Ransomware activities have grown exponentially in 2021, with the average ransomware payment size in 2021 being five times the figure in 2019, finds a recent research report by Chainalysis, a blockchain data platform. The data shows that the average ransomware size grew from $25,000 in 2009 to $118,000 in 2021. The report mentions that ransomware activities through cryptos have been increasing since 2018.
With more investors getting involved in crypto, there has been an alarming rise in various cyber frauds on crypto platforms too. The most prominent of these are ransomware activities, finds the report. “Cryptocurrency being anonymous and hard to trace has ransomware attackers exclaiming ‘esto es perfecto’ (that’s perfect), serving as the ideal solution for their misconduct and exploitation of technology and illegal practices,” says Shibu Paul, vice-president, Array Network, an American networking company dealing with encryption tools.
Increasing Incidence But Smaller Ecosystem
While there has been remarkable growth in ransomware strains (activities) in 2021 along with an increasing ransomware payment size, the ransomware ecosystem has become smaller in 2021, finds the report. With 140 ransomware strains reported in 2021, there has been a rise of more than 75 per cent in the strains reported between 2019 and 2021, states the report.
“Large payments such as the record $40 million received by Phoenix Cryptolocker spurred this all-time high in average payment size. One reason for the increase in ransom sizes is ransomware attackers’ focus on carrying out highly-targeted attacks against large organizations,” states the report.
With a smaller ecosystem, the average lifespan of ransomware strains is also going down. While previously, in 2017, the average span of ransomware strains used to be more than 500 days, it plunged to 60 days in 2021.

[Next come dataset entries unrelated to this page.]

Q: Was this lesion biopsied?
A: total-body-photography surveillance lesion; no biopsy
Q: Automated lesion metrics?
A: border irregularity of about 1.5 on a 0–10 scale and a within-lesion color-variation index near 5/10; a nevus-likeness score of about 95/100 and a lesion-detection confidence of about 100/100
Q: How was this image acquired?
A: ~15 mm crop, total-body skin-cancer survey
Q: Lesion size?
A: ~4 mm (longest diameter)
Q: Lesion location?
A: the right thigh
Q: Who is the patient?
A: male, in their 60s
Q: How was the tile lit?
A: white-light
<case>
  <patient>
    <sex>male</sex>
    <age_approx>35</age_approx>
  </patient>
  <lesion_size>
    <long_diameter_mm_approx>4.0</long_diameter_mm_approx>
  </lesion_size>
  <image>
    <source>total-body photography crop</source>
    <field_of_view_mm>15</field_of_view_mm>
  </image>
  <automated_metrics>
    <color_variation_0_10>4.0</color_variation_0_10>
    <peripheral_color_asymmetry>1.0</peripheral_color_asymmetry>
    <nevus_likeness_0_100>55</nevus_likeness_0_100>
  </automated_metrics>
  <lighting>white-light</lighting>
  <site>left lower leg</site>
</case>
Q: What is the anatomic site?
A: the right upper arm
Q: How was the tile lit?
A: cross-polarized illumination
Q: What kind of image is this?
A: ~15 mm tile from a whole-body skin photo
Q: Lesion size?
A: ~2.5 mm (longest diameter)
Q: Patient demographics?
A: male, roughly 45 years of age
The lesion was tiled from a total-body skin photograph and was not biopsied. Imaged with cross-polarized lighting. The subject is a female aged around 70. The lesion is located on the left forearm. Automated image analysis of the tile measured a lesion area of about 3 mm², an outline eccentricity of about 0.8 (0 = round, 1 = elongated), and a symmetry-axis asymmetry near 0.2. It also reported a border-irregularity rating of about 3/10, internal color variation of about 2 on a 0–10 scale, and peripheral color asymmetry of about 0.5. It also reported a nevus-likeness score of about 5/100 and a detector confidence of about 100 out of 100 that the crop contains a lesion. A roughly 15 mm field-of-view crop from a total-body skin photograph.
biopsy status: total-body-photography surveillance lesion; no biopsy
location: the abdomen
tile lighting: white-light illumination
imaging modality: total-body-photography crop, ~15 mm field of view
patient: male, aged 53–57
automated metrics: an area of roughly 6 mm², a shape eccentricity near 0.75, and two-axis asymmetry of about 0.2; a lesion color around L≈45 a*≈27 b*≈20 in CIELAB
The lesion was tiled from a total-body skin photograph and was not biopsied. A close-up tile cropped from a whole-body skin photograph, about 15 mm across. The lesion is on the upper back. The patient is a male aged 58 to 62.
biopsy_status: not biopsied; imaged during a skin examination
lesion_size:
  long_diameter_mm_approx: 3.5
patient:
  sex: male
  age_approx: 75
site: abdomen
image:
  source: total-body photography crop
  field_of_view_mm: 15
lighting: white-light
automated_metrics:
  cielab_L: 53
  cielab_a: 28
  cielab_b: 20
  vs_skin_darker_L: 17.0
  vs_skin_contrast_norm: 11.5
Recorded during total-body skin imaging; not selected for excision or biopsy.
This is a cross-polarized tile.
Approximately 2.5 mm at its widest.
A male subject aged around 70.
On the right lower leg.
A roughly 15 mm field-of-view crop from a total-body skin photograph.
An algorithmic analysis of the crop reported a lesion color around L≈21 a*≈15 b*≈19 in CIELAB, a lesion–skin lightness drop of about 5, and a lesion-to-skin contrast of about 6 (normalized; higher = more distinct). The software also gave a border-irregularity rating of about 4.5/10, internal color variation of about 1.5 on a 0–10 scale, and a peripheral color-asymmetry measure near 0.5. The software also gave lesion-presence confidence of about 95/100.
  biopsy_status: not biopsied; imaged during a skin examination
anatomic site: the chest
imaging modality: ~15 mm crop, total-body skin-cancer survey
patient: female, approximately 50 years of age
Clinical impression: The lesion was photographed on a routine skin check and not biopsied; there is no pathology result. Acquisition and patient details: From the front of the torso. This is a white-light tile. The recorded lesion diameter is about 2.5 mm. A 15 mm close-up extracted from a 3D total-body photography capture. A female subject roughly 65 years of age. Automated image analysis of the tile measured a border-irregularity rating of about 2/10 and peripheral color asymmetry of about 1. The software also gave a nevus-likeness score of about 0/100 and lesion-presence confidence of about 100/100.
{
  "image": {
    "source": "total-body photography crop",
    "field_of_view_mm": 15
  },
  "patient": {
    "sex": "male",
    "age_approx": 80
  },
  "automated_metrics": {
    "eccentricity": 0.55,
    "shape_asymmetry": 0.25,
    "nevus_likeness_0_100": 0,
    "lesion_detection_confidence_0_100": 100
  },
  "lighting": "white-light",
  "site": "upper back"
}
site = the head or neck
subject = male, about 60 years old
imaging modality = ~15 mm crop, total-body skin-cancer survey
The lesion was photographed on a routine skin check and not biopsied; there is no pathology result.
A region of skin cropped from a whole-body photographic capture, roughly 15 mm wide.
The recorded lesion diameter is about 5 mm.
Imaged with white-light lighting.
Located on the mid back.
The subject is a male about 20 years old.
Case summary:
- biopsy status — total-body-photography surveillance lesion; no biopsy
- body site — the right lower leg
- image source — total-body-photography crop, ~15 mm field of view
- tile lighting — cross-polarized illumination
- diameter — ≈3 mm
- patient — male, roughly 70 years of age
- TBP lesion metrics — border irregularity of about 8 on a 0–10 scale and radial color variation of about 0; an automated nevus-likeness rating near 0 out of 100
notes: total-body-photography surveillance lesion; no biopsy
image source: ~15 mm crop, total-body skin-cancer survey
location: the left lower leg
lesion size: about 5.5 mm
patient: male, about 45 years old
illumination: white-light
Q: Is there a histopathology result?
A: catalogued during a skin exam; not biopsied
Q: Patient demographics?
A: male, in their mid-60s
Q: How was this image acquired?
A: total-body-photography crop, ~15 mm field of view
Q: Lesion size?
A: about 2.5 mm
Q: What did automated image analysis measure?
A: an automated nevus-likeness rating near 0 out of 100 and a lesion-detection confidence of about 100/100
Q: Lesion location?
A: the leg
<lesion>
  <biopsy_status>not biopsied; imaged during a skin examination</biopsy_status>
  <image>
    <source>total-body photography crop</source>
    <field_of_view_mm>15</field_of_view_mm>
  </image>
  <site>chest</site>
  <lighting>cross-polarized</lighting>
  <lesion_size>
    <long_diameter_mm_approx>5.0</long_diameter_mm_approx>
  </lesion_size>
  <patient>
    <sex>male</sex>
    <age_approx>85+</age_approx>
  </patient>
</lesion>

The increasing incidence in a smaller ecosystem also shows that the activities are highly concentrated in a few pockets. The report says that 56 per cent of funds sent from ransomware addresses since 2020 have wound up at one of six cryptocurrency businesses which include three large international exchanges, one high-risk exchange based in Russia and two mixing services. Crypto mixing service mixes different streams of mainstream cryptocurrency to ensure the anonymity of transactions.
Why Are Ransomware Strains Growing?
As the report suggests, with the ease of technology and tools, it has become easier for cyber criminals to rebrand themselves and re-launch to carry ransomware activities. One of the reasons the life span and ecosystem are getting small is because of rebranding. “Cybersecurity researchers have noted instances of ransomware attackers publicly claiming to cease operations, only to relaunch later under a new name—the giveaway is usually similarities in the ransomware’s code, as well as intelligence gathered from cybercriminal forums and blockchain analysis,” states the report.
Moreover, experts believe that the lack of any concrete government regulations and the decentralised nature of the cryptos make it easy for criminals to carry out the activities.
“Hackers prefer ransomware payments over crypto because on many occasions it is difficult for law enforcing agencies to trace these transactions and identify the end beneficiary since cryptocurrencies are largely not linked yet with traditional currency ecosystem,” says Trishneet Arora, founder and CEO, TAC Security, an American cyber vulnerability management firm.
The report finds the ease of technology is another contributing factor. As much as 16 per cent of all funds sent by ransomware operators were spent on tools and services used to enable more effective attacks, compared to 6 per cent in 2020.